Another strike against the “broken mirror” theory of autism

The “broken mirror” theory of autism, most famously explained by famous neuroscientist V. Ramachandran, argues that autistic people have difficulty understanding other people’s intentions at a higher level because at a lower level, they do not perceive other people’s gestures the same way others do.

"Mirror neurons,” first discovered in monkeys, are neurons that fire both when we perform an action ourselves and when we see someone else performing the action.  They respond to specific actions, and not just patterns of stimuli—one group of neurons will fire for reaching, another group for grasping, etc.

The idea is that we process other people’s actions by mentally simulating them, by generating the same brain state we would have when performing the action ourselves, thus literally “putting ourselves in someone else’s head.”  Since autistic people do not automatically understand other people’s mental states from observing their behavior (they often have to be told what others are feeling), it would seem to follow that something has gone wrong with their mirror neuron system.

Notice that this theory assumes that imagining yourself performing an action is all the information you need to take someone else’s perspective.  But a 2009 study by Stewart Mostofsky and colleagues at the Kennedy Krieger Institute suggests that not only is this information insufficient, it may actually be counterproductive.

Dr. Mostofsky had 14 autistic 10-12 year olds and 13 typically developing 10-12 year olds learn to use a novel device, a robotic arm which they held in their hand and reached with to capture “animals that had escaped from a zoo.”  The robot produced a force field that perturbed the children’s arm movements, and the children had to learn to adjust their movements to control the tool and capture the animals. Notice that learning to use the robotic hand required mastering two sets of cues: visual cues (watching the arm move closer to the animal) and proprioceptive cues (the feeling of the force field and the feeling of the body when in the correct reaching position).  Proprioception is the body sense, the feeling of the position of muscles and joints.  Dr. Mostofsky wanted to know whether autistic as well as typically developing children could learn from both sets of cues.

Dr. Mostofsky explains what a defender of the “broken mirror hypothesis” of autism would predict:

When we observe another person performing a movement, the internal models to execute the same movement may also be activated in our brain… Indeed, after volunteers observe another person reach while holding a robot that is producing a force field, they perform better than naive volunteers if they are tested on the same field. This is consistent with the hypothesis that observation of an action instantiates the same internal models that are required for production of that action.

In other words, when typically developing people watch someone perform an action (visual input), this activates their internal model of performing the action, which includes what it feels like to perform the action (based on proprioceptive input).  But what if autistic people can’t use visual cues to activate their proprioceptively-based internal models?

Because this instantiation relies on visual cues, internal models that place a greater than normal reliance on proprioception, while discounting visual consequences, might place the observer at a substantial disadvantage in understanding other people’s actions and imitating their movements. To test our hypothesis, we looked for correlations between how the children represented our simple reaching task and clinical measures of motor, imitation and social function.

 Mostofsky found that typically developing children generalized from both the visual and proprioceptive input, while autistic children generalized ONLY from the proprioceptive input.  They did so twice as strongly as the typically developing children.  In other words, autistic children were not relying on visual information to learn to use the new tool, but they were relying extremely heavily on their body sense.

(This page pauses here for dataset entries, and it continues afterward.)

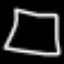
Label: square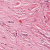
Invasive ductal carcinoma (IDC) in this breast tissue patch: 1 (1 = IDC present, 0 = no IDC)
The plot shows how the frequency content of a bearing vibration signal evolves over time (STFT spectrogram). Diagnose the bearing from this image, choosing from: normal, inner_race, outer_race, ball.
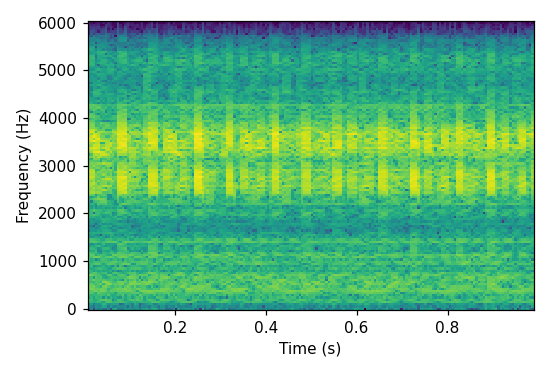
Answer: inner_race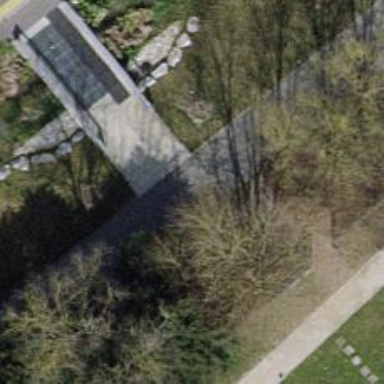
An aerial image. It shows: Concrete footway with crossing.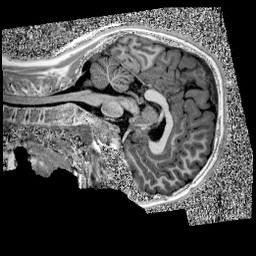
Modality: UNIT1
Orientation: sagittal
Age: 10
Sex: male
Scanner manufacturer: siemens
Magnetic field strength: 3 T
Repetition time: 4 s
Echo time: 0.00303 s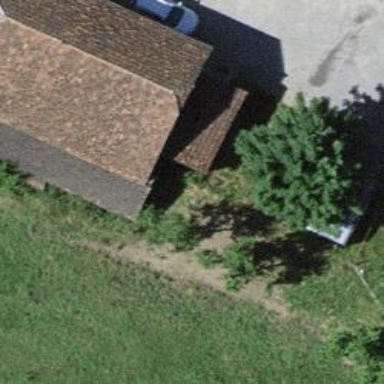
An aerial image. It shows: Farm auxiliary building.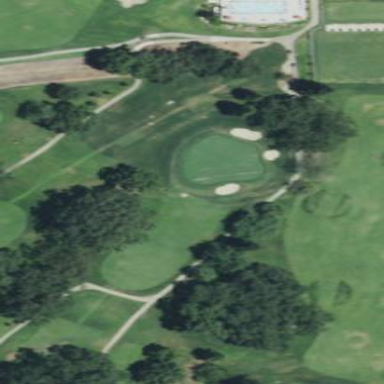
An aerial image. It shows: Grass area designated as golf tee.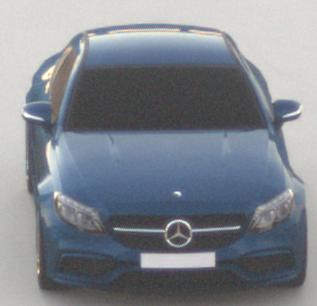
Make: Mercedes-Benz
Model: C 43 AMG
Detailed model: C-Class (205) AMG Limousine
Model produced from: 2016/10
Model produced until: 2018/04
Doors: 4
Color: blue
Road condition: dry road
Daytime: sunrise or sunset
Contrast: low contrast
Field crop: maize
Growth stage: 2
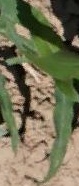
Species: maize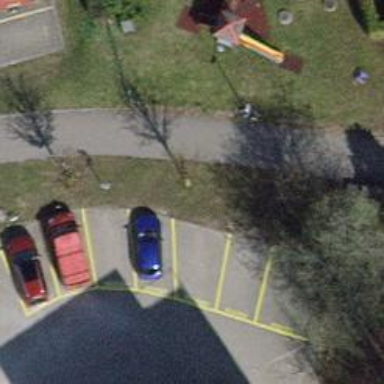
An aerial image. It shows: Paved footway.

Furthermore, the more children generalized from proprioceptive cues, the more impairments they had in general motor function, social interaction, and the ability to imitate others’ gestures.*

(This study would have been stronger if they had had autistic children observe people using the tool before attempting using it themselves.  This would have directly demonstrated whether autistic children can learn from visual cues in the absence of proprioceptive ones, the way typically developing children do).

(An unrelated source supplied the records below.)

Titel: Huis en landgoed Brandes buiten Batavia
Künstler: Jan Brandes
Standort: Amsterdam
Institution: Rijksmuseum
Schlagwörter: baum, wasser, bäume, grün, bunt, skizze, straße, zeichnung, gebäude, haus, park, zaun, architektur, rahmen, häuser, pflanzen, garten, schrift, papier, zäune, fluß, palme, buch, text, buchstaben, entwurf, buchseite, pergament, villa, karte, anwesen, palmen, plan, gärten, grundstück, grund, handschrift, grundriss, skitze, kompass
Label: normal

Be that as it may, these autistic children had a very strong sense of what it felt like to perform these movements, so one would think their ability so mentally simulate these actions would be intact. In other words, their mirror neurons were probably fine.  Yet they had difficulty understanding and imitating other people’s gestures.  So what was missing?  Not mirror neurons, but the ability to learn from visual cues.

Haswell, Courtney C., Izawa, Jun, Dowell, Lauren R., Mostofsky, Stewart H., & Shadmehr, Reza (2009). Representation of internal models of action in the autistic brain. Nature Neuroscience.

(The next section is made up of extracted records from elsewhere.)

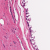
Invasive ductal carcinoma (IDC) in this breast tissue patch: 0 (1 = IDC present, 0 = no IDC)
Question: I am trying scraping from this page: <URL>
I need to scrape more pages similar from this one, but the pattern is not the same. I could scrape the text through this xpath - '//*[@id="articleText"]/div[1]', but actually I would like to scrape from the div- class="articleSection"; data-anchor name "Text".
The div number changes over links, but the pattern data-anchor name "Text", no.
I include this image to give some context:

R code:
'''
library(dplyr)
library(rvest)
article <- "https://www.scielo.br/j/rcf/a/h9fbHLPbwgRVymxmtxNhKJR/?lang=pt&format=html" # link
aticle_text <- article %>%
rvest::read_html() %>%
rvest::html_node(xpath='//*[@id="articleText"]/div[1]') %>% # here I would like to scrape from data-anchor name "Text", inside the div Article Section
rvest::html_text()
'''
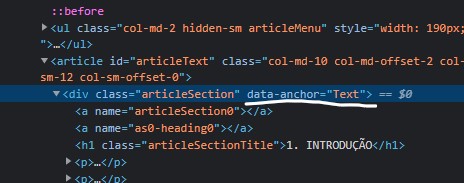
Answer: You can use an attribute=value css selector to match on the attribute
'''
]library(magrittr)
library(rvest)
article <- "https://www.scielo.br/j/rcf/a/h9fbHLPbwgRVymxmtxNhKJR/?lang=pt&format=html" # link
article_text <- article %>%
rvest::read_html() %>%
rvest::html_node('[data-anchor=Text]') %>%
rvest::html_text2()
'''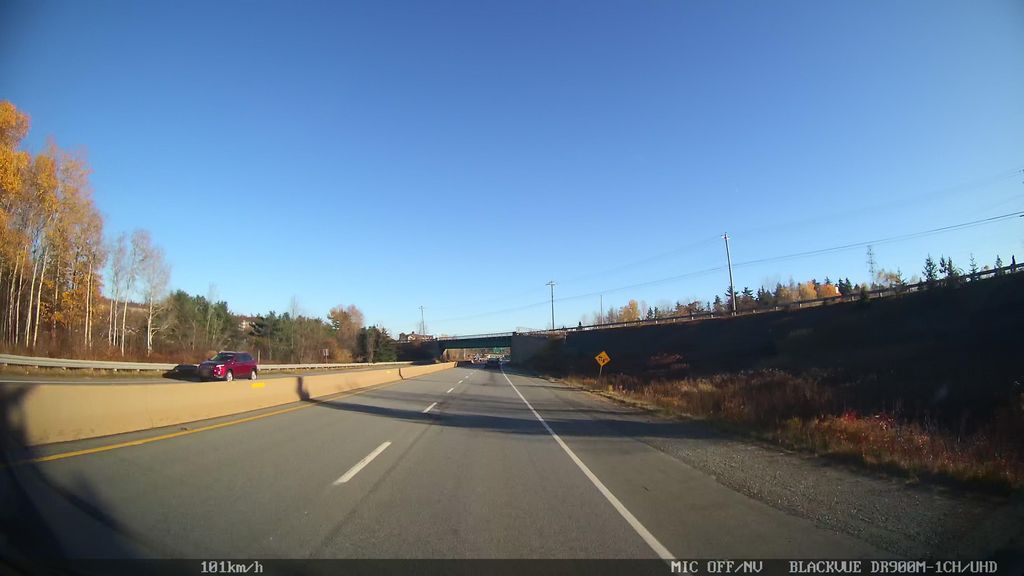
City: halifax

*This study clarifies a puzzling earlier Mostofsky study I blogged about, which found that the more participants relied on proprioceptive input, the worse they did on a motor learning task.  Most likely, proprioceptive ability does not interfere with performing motor tasks (that would be ridiculous).  Rather, large amounts of it seem to accompany poor visual ability, and that lack of visual ability interferes with performing motor tasks. (Perhaps the unusually high proprioceptive ability compensates for the lack of ability to learn from visual cues?)